Les kératoses actiniques (KA) présentent un risque de transformation maligne et témoignent surtout d’un terrain prédisposant à la survenue de carcinomes épidermoïdes (CE) cutanés. Elles se manifestent comme de petites lésions plus ou moins pigmentées, légèrement surélevées parfois plus facilement détectables par le toucher. Elles siègent sur les zones exposées au soleil et leur incidence a pratiquement été multipliée par dix en 20 ans. Pour Eggert Stockfleth (Berlin), « la KA doit être considérée comme un CE in situ.

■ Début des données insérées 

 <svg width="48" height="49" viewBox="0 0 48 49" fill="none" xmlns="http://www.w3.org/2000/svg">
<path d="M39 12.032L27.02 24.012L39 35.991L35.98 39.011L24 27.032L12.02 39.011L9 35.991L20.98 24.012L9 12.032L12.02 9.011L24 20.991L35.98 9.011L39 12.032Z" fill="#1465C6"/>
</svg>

Ces deux entités appartiennent à un continuum d’anomalies histopathologiques et cliniques dont la frontière est floue.
Comme, de plus, il est difficile de prévoir quelle lésion est susceptible de cancérisation, cela doit nous inciter à traiter toutes les KA ». Mais appliquer une telle mesure thérapeutique de manière systématique est loin de faire l’unanimité. « Si, en effet, on peut considérer les KA comme des formes in situ de carcinome, nous traitons?des patients, pas des histologies, rétorque Vigfus Sigurdsson (Utrecht) et il faut tenir compte de la différence de potentialités évolutives des kératoses actiniques et des CE invasifs ».

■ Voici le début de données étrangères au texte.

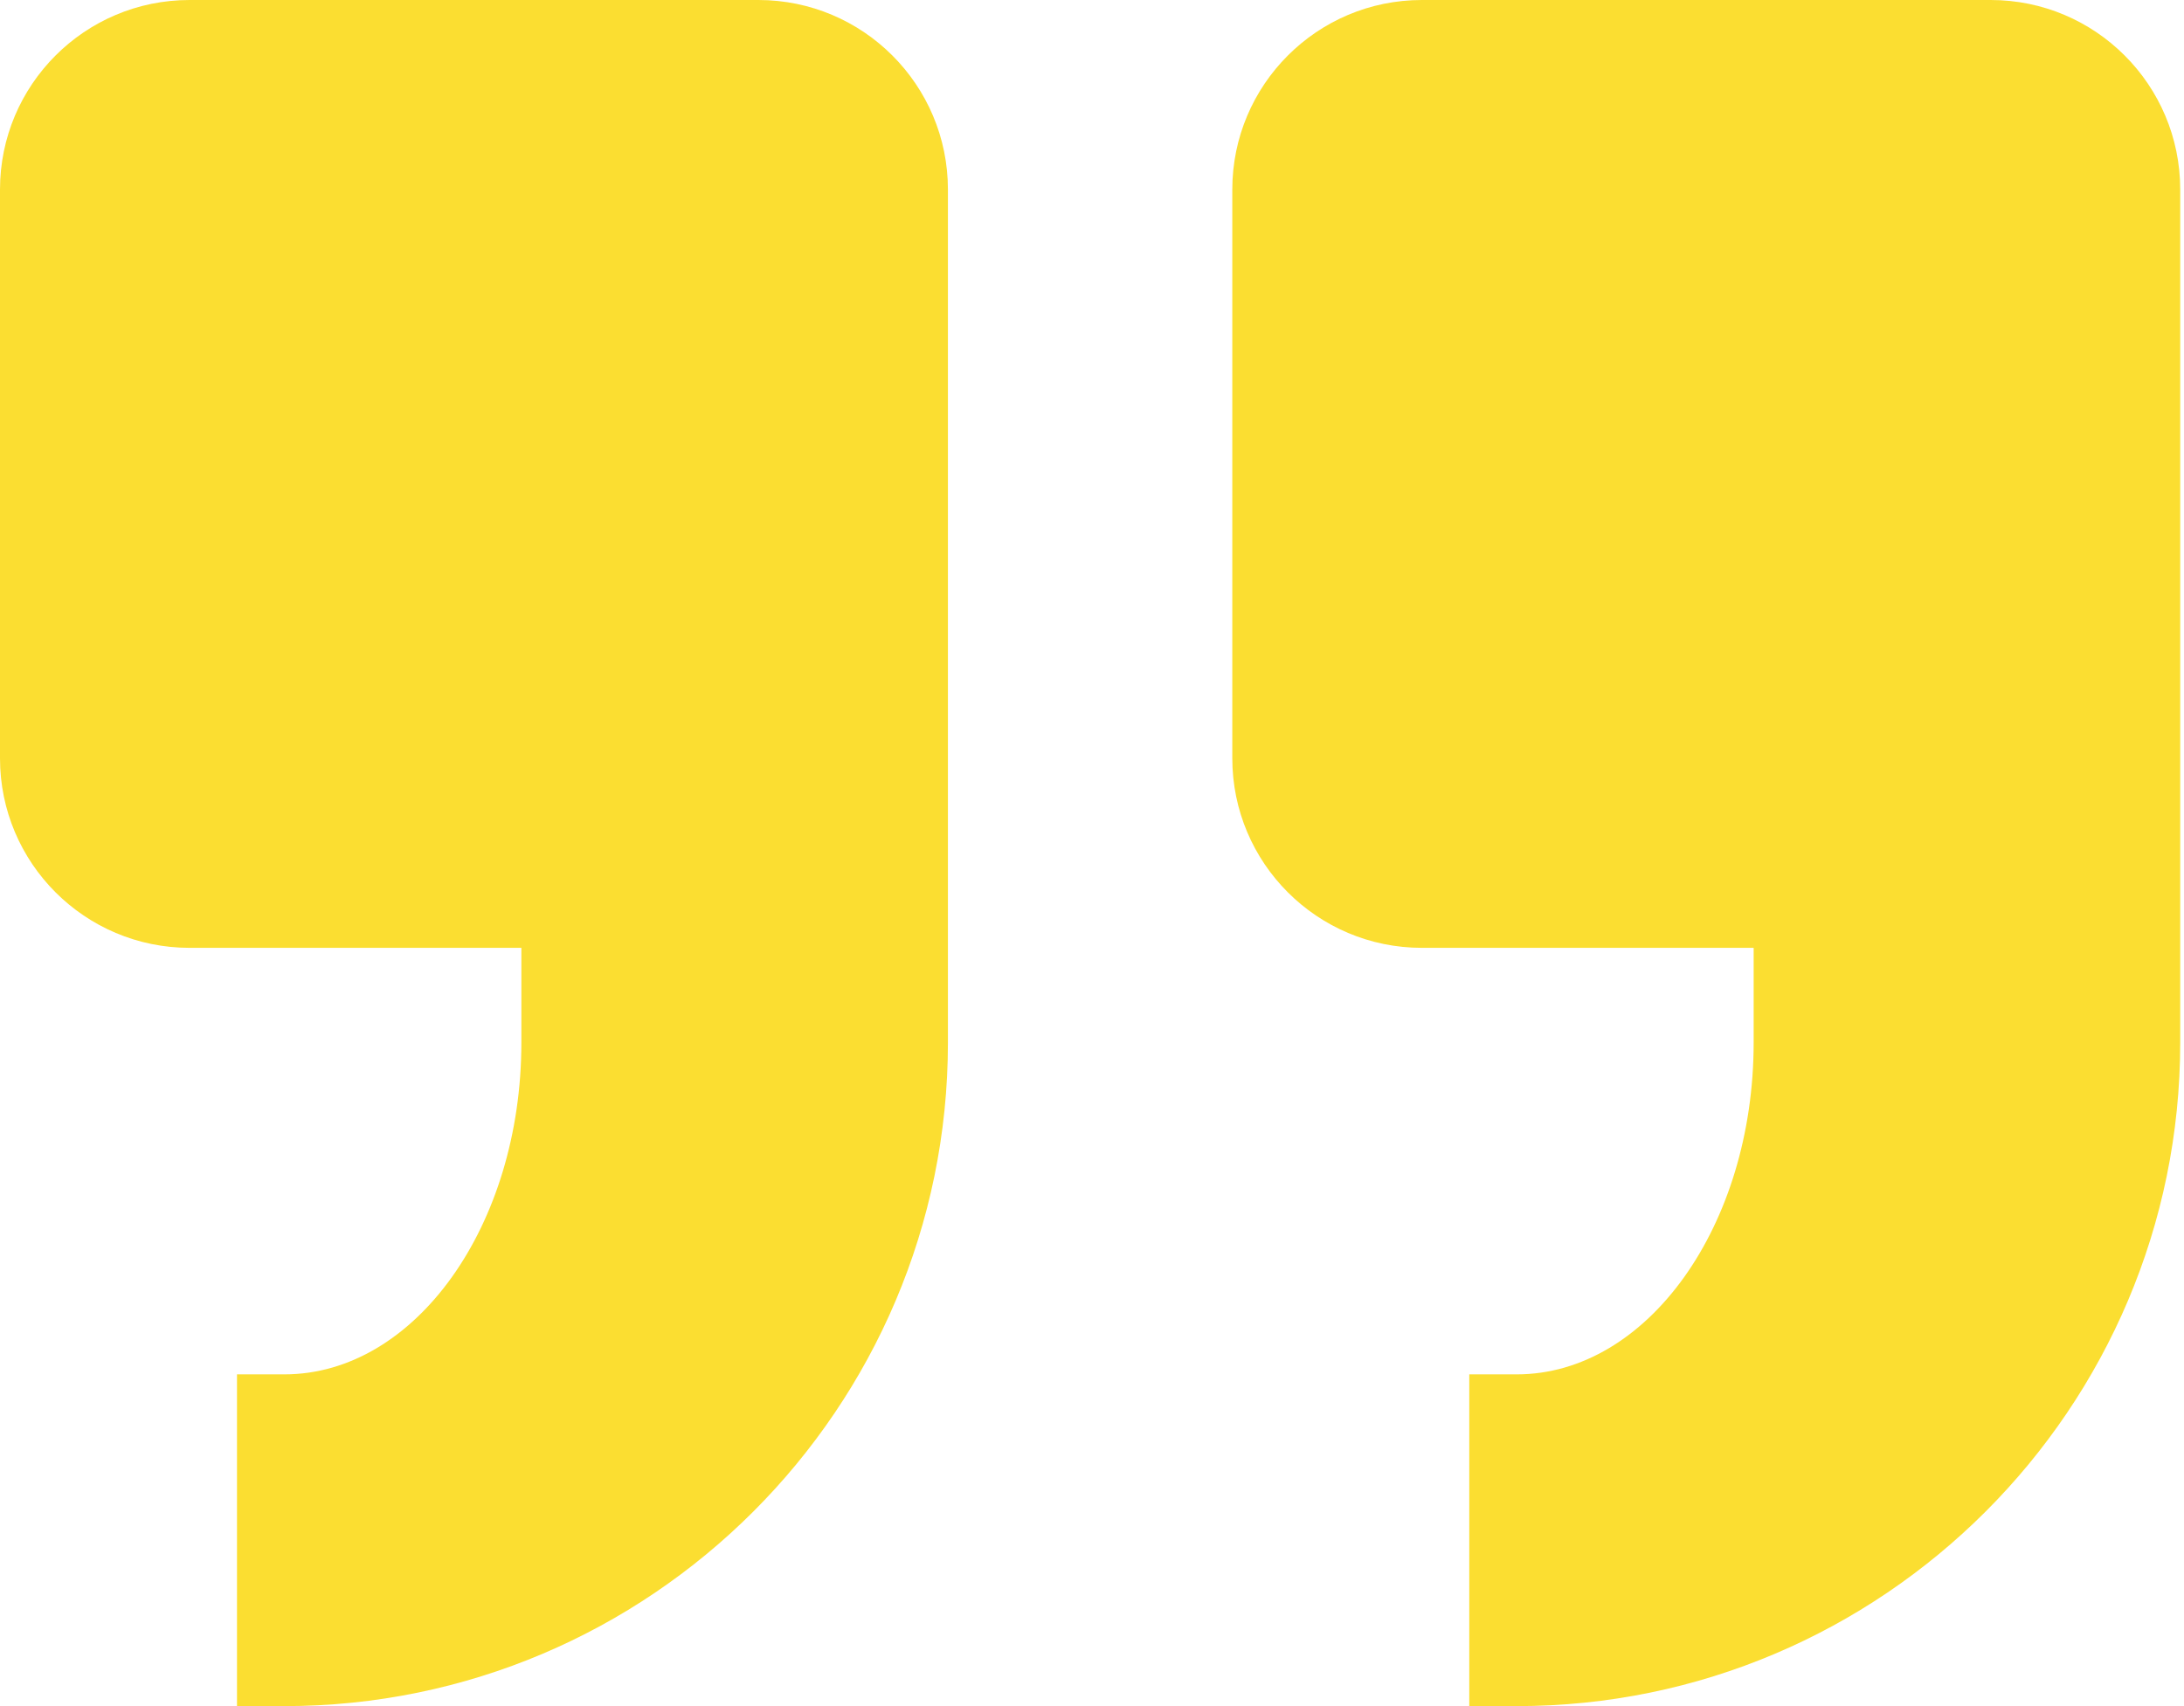 <svg width="288" height="225" viewBox="0 0 288 225" fill="none" xmlns="http://www.w3.org/2000/svg">
<path d="M200.001 225.001C248.243 225.001 287.502 185.742 287.502 137.5L287.502 25C287.502 11.193 276.309 -6.20137e-05 262.502 -6.32207e-05L187.501 -6.97775e-05C173.694 -7.09846e-05 162.501 11.193 162.501 25L162.501 100.001C162.501 113.808 173.694 125.001 187.501 125.001L231.25 125.001L231.25 137.5C231.25 161.622 217.237 181.25 200.001 181.25L193.75 181.25L193.75 225.001L200.001 225.001ZM37.5 225.001C85.744 225.001 125.001 185.742 125.001 137.5L125.001 25C125.001 11.193 113.808 -7.62199e-05 100.001 -7.7427e-05L25 -8.39838e-05C11.193 -8.51908e-05 0 11.193 0 25L0 100.001C0 113.808 11.193 125.001 25 125.001L68.752 125.001L68.752 137.5C68.752 161.622 54.737 181.25 37.5 181.25L31.252 181.25L31.252 225.001L37.5 225.001Z" fill="#FBDE31"/>
</svg>

Un marqueur de risque de cancer cutané
En effet, les KA peuvent régresser spontanément, persister sans transformation maligne ou progresser vers un CE. Mais les pourcentages sont extrêmement variables dans la littérature : le taux annuel de transformation maligne se situe entre 0 % et 0,075 % par lésion et par an, celui de récidive entre 15 et 53 %, de régression entre 15 % et 63 %. Mais 84 à 100 % des CE invasifs ont des antécédents de KA, sur le même ou un autre territoire, ce qui en fait réellement un marqueur de cancer cutané. Si les mécanismes de transformation restent mal connus, on sait cependant que le nombre de lésions kératiniques intervient dans le risque de transformation maligne puisque le risque relatif de CE passe de 1,7 entre 1 et 5 lésions de KA à 11 au-delà de 20. Il est aussi plus élevé en cas d'antécédents de cancers cutanés, chez les transplantés et tous les patients sous traitement immunosuppresseurs au long cours, les personnes de phénotype clair ou traités par photothérapie.
Traiter à la française
Le traitement des KA n'évite pas sa récidive et n'a pas démontré qu’il réduisait le risque de CE. « La décision de traiter repose sur les caractéristiques cliniques de la KA, le nombre de lésions, l’âge du patient, ses antécédents, sa demande », explique le Pr Sigurdsson, les paramètres cliniques étant évalués selon les critères IDRBEU (Induration ou Inflammation, Diamètre supérieur à 1 cm, évolution Rapide, saignements (Bleeding), Érythème, Ulcération). Les lésions suspectes seront enlevées par chirurgie pour une analyse histologique complète.
Pour les autres, le dermatologue propose de suivre l’algorithme thérapeutique proposé par des dermatologues français, plus adapté à la pratique courante que les recommandations internationales. Les lésions isolées relèvent plutôt de la cryothérapie, du laser, ou de l’électrocoagulation, les lésions multiples sur de larges zones bénéficiant plutôt des applications de topiques ou de la photothérapie dynamique.